Eh bien ! nous nous contentons de répondre au savant émule de M. Charles Dupin, que ce que nous ne pouvons pas comprendre, c’est que dans une société où tous les hommes, dit-on, sont égaux et ont les mêmes droits, dont l’existence repose tout entière sur le travail, il n’y ait pas travail pour tous et toujours, et que le salaire de cette indispensable condition de la production et de la richesse sociale ne puisse pas fournir aux propriétaires de cet autre capital de quoi subvenir aux premiers besoins de la vie, alors que ceux-là qu’on appelle négocians, commissionnaires, détaillans, courtiers, capitalistes, etc., etc., y trouvent la source de leur prospérité et de l’abondance au sein de laquelle ils nagent délicieusement.

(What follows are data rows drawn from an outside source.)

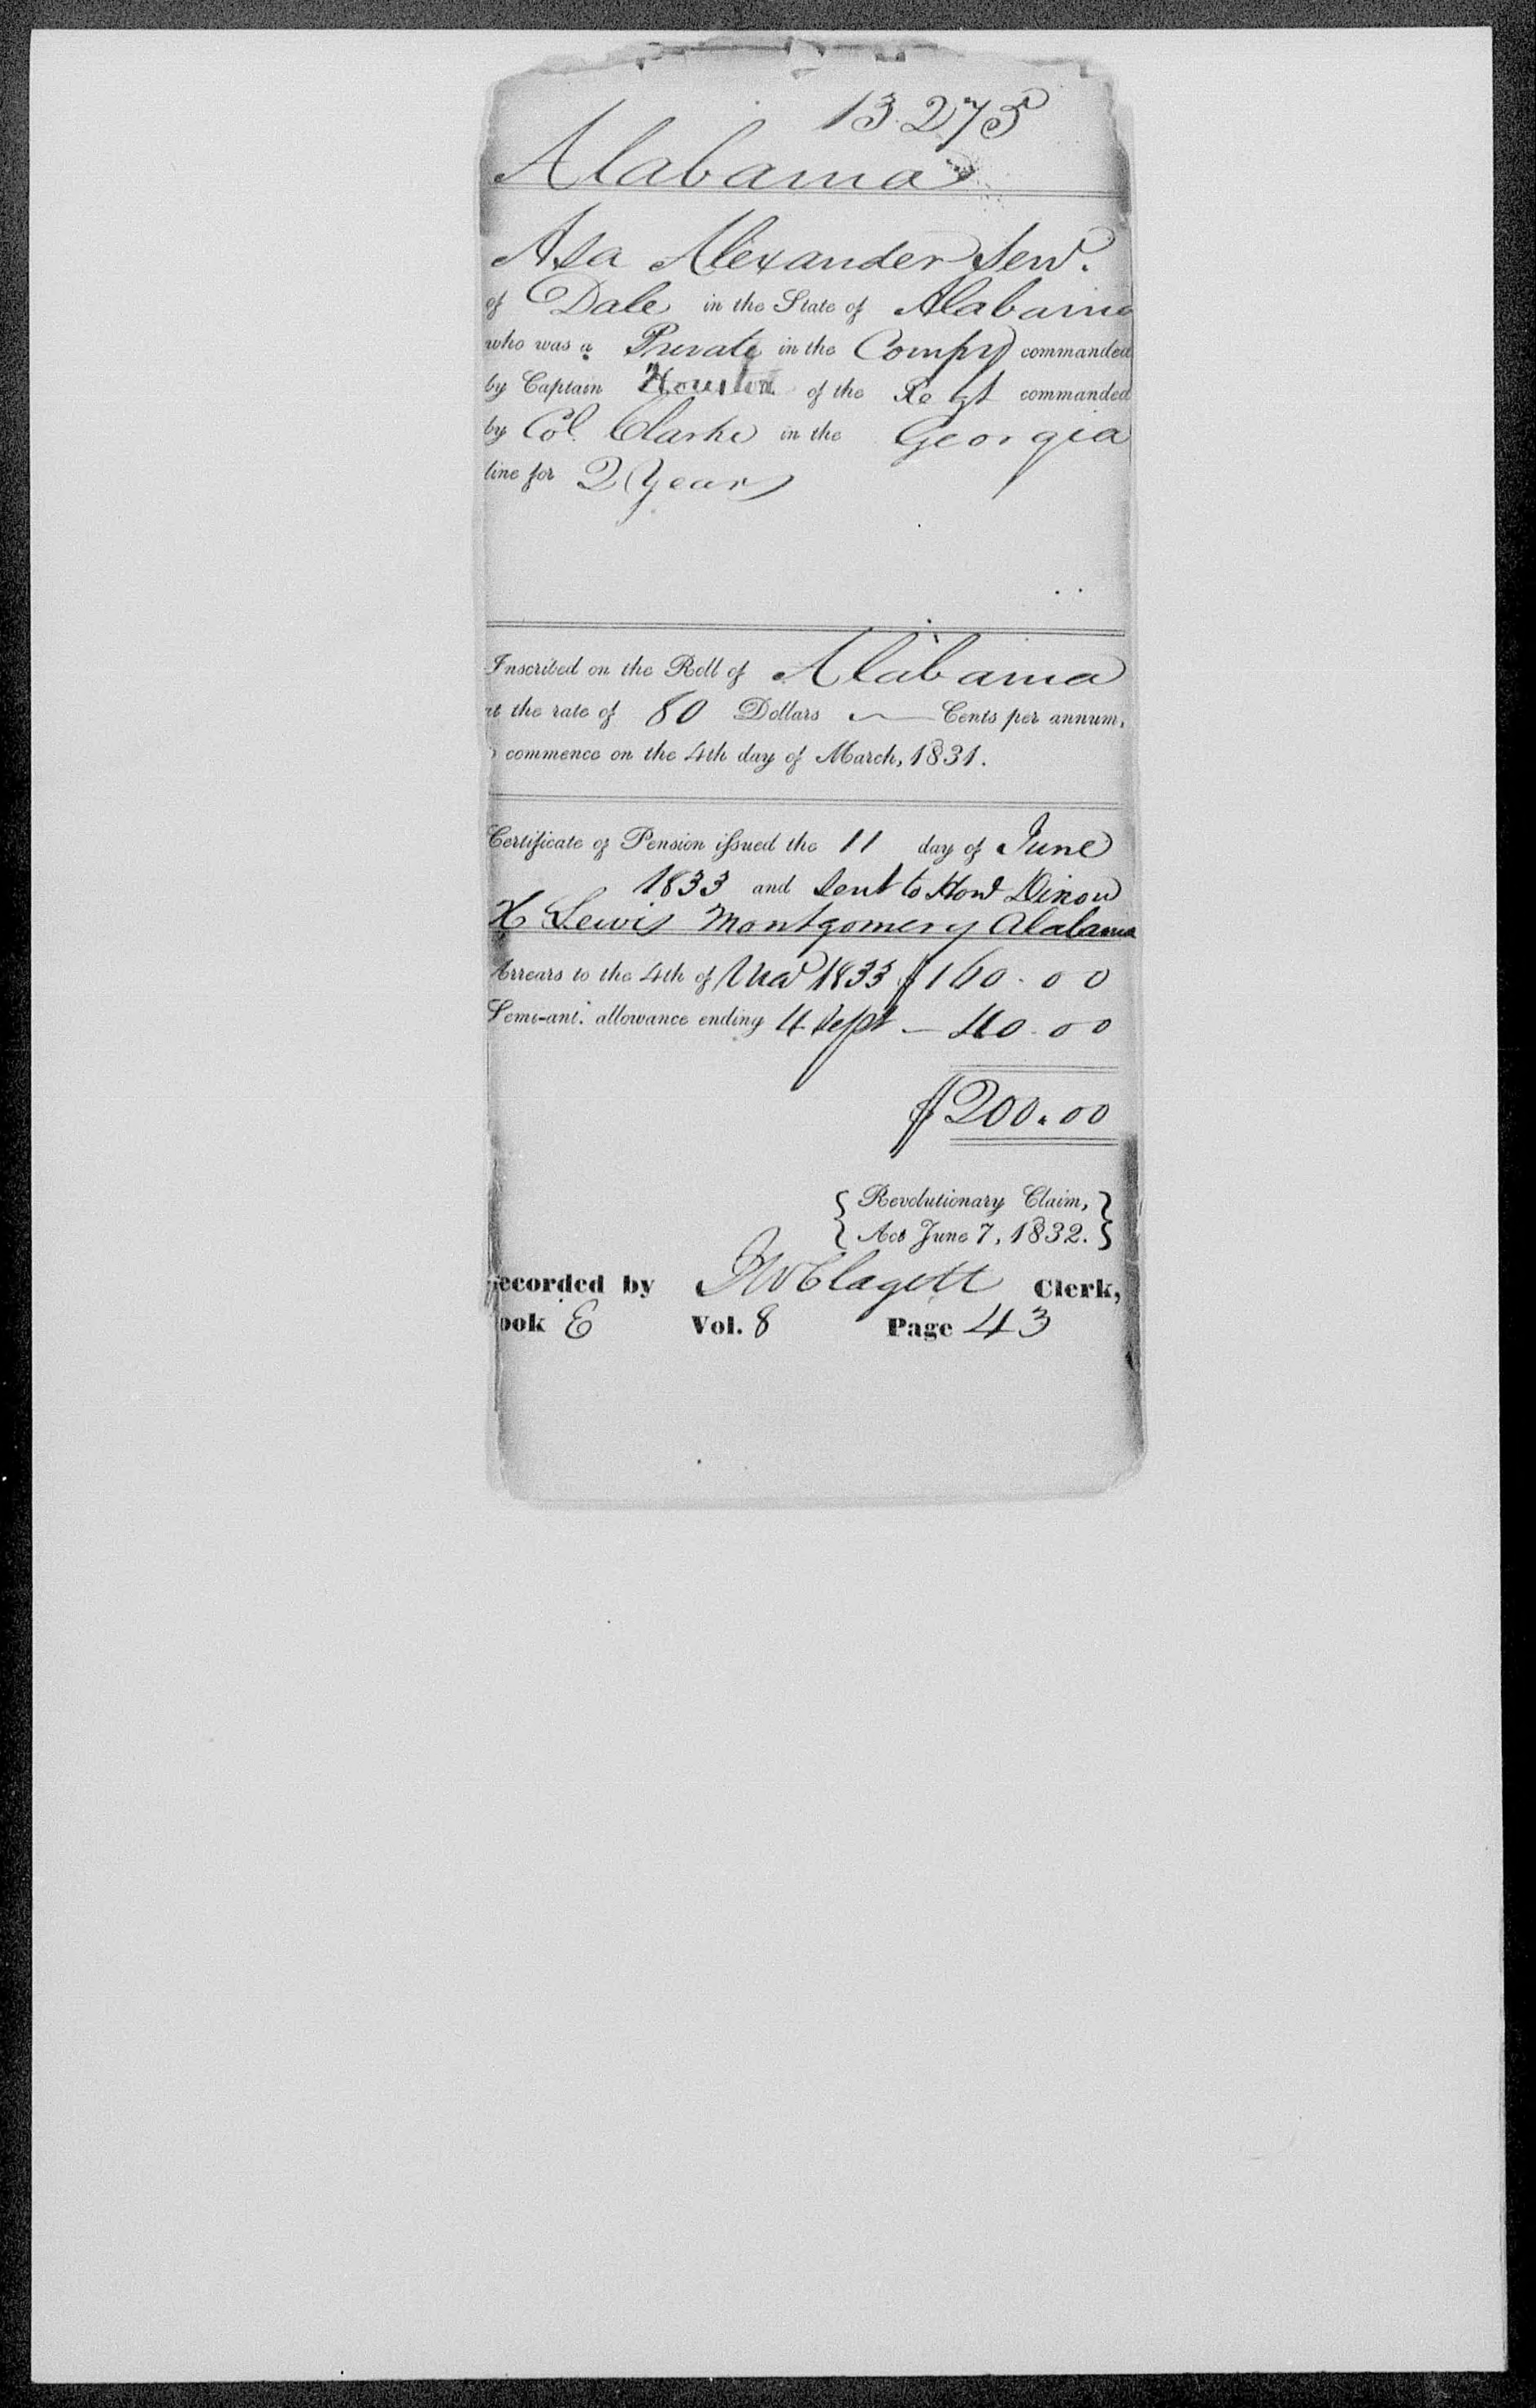13275
Alabama
Asa Alexander Sen. of Dale in the State of Alabama who was a Private in the Company commanded by Captain Houston of the Regt commanded by Col. Clarke in the Georgia line for 2 years. 

Inscribed on the Roll of Alabama at the rate of 80 Dollars - cents per annum [illegible] commence on the 4th day of March, 1831.

Certificate of Pension issued the 11 day of June 1833 and sent to Honl Dixon C Lewis Montgomery Alabama. Arrears to the 4th of March 1833 $160.00 Semi-anl. allowance ending 4 Sept. 40.00 $200.00

Recorded by JW Clagett Clerk, Book E Vol. 8 Page 43

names: H Lewis, Asa Alexander
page: 2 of 35
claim: survivor's
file: S. 32092, Asa Alexander, Ga.

Que si les ouvriers se rattachent à quelques-uns des principes st-simoniens, ce dont nous ne pensons guère à nous rendre compte, c’est qu’il y a au fond de ces principes sans doute quelque chose dont MM. les députés peuvent bien rire, mais qu’ils se garderaient bien de contester au grand jour.

M. prunelle cite encore quelques ordres du jour de l’association des Mutuellistes, qui tous prouvent qu’elle a agi avec la plus grande prudence et la plus grande circonspection, qu’elle a eu constamment à cœur d’échapper [3.1]à toute espèce de provocation ou de collision ; mais, ce que s’est bien gardé de dire l’honorable membre, et ce qui est pourtant demeuré clairement démontré, c’est que les provocations auxquelles elle a voulu et su se soustraire quand même étaient tout simplement celles de toutes les polices qui se disputent à l’envi la conservation du bienheureux ordre de choses.

Enfin M. prunelle, en rappelant à ses collègues dans quel but s’était d’abord établie l’association des Mutuellistes, achève son galimathias d’absurdités et de mensonges, en la présentant comme un corps militaire ayant deux fois changé de face depuis 1831. – Selon lui elle aurait d’abord tenté l’envahissement de la Savoie, et plus tard elle aurait commandé ce qu’il appelle les promenades d’octobre, et contribué aux événemens de Novembre. – Eh bien ! nous sommes encore ici forcés de lui donner le démenti le plus formel.

Si ce mensonge n’était odieux dans son but, nous dirions combien il est ridicule de la part du magistrat-député, de représenter les Mutuellistes, qui sont tous chefs d’atelier, et en grande partie pères de famille, comme des soldats de la propagande révolutionnaire !

Mais il lui fallait, magistrat le plus paternel de notre cité, donner solennellement à la France une preuve de sa haine des travailleurs, de son mépris du peuple. Nous l’en remercions et gardons de lui bon souvenir.

Aujourd’hui que cette loi votée par MM. de la chambre des députés, va bientôt être livrée aux mains de nos gouvernans pour tuer, si faire se peut, le principe le plus sacré qu’ait à défendre l’homme social ; – aujourd’hui qu’on veut écrire dans nos codes, dans cet échantillon de tous les régimes que le peuple est libre de mourir de faim toutes les fois que le salaire octroyé par le bon plaisir de ses seigneurs et maîtres sera insuffisant à ses besoins ; aujourd’hui enfin qu’on refuse de lui donner sa place dans la grande famille humaine et d’assigner au travail sa valeur et ses droits, il appartient aux travailleurs français de dire s’ils veulent courber la tête et recevoir le joug.

Dès que cette question sera clairement posée, la réponse ne se fera pas attendre, et nos législateurs pourront, mais trop tard, se convaincre qu’aujourd’hui c’étaient des lois pour le peuple, mais non contre le peuple qu’il leur fallait faire, pour être à la fois les amis du pays et du trône entouré d’institutions républicaines.